The extension to the second parity rule is also known as single strand symmetry phenomenon. The single strand symmetry states that, in each DNA strand, the proportion of an oligonucleotide should be similar to that of its reverse complement [5–8]. There is no knowledge about why the parity is needed and there is no consensual explanation for the occurrence of the single strand phenomenon. There are some attempts to explain the phenomenon related with the species evolution process, for example: stemloops hypothesis [9]; duplication followed by inversion hypothesis [10]; inversions and inverted transposition hypothesis [11]; no strand bias [12]; original trait of the primordial genome [8].
Powdel and others [13] studied the symmetry phenomenon in nonoverlapping regions of DNA of specific size. They analysed the frequency distributions of the local abundance of oligonucleotides along a single strand of DNA, and found that the frequency distributions of reverse complementary oligonucleotides tend to be statistically similar. Afreixo et al. [14] introduced a new symmetry measure, which emphasizes that the frequency of an oligonucleotide is more similar to the frequency of its reverse complement than to the frequencies of other equivalent composition oligonucleotides. They also identified several word groups with a strong exceptional symmetry. Here, we have applied this measure to find genomic regions with very strong exceptional symmetry effect and to characterize their nonuniform behaviour. We observed exceptional symmetry throughout the human genome. Moreover, some regions showed outlying exceptional symmetry, and those are enriched in proteincoding annotated genes.
Methods
Materials
We analysed the whole human genome, reference assembly build 37.3, available from the website of the National Center for Biotechnology Information. In our data processing, the chromosomes were processed as separate sequences, words were counted with overlap. We also produced and used random control experiments. Those experiments tried to mimic some features of each human chromosome and contained the same number of base pairs of the corresponding chromosome (see ‘Control experiments’ subsection).
We obtained the coding sequences (cds file) for all the transcripts of the human genome (release 75) from Ensembl (http://www.ensembl.org/), to use in coding vs noncoding region classification.
Exceptional genomic word symmetry
In a previous work, we proposed the concept of exceptional genomic word symmetry in equivalent composition groups (ECG), and globally [14]. Exceptional symmetry is a refinement of Chargaff’s second parity rule that highlights the words whose frequencies of occurrence are similar to those of their reversed complements, but are dissimilar to the frequencies of occurrence of other words with equivalent composition. Words of equal length are defined to have equivalent composition if they contain the same number of nucleotides A or T.
Some words are equal to their reverse complement. We denote these as self symmetric words (SSW). We also define a symmetric word pair as the set composed by one word w and the corresponding reverse complement word w ^{′}, with (w ^{′})^{′}=w.
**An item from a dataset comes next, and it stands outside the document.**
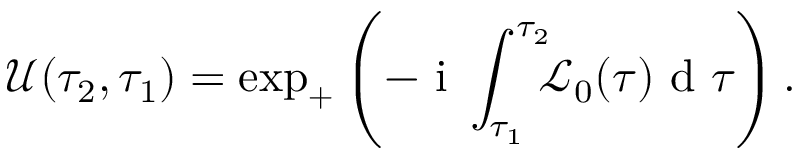
\mathscr { U } ( \tau _ { 2 } , \tau _ { 1 } ) = \exp _ { + } \left( - \ensuremath { \mathrm { ~ i ~ } } \int _ { \tau _ { 1 } } ^ { \tau _ { 2 } } \! \! \! \mathscr { L } _ { 0 } ( \tau ) \ensuremath { \mathrm { ~ d ~ } } \tau \right) .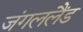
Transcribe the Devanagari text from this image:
जंगललैंड

N _{ m } the number of elements in G _{ m }.

\(N^{\mathit {SSW}}_{m}\) the number of elements in G _{ m } which are self symmetric words.

\({N^{0}_{m}}\) the number of symmetric word pairs in G _{ m }, excluding the SSWs, such that both words in the pair are absent from the nucleotide sequence under study.

n _{ w } the frequency of occurrence of word w in a nucleotide sequence.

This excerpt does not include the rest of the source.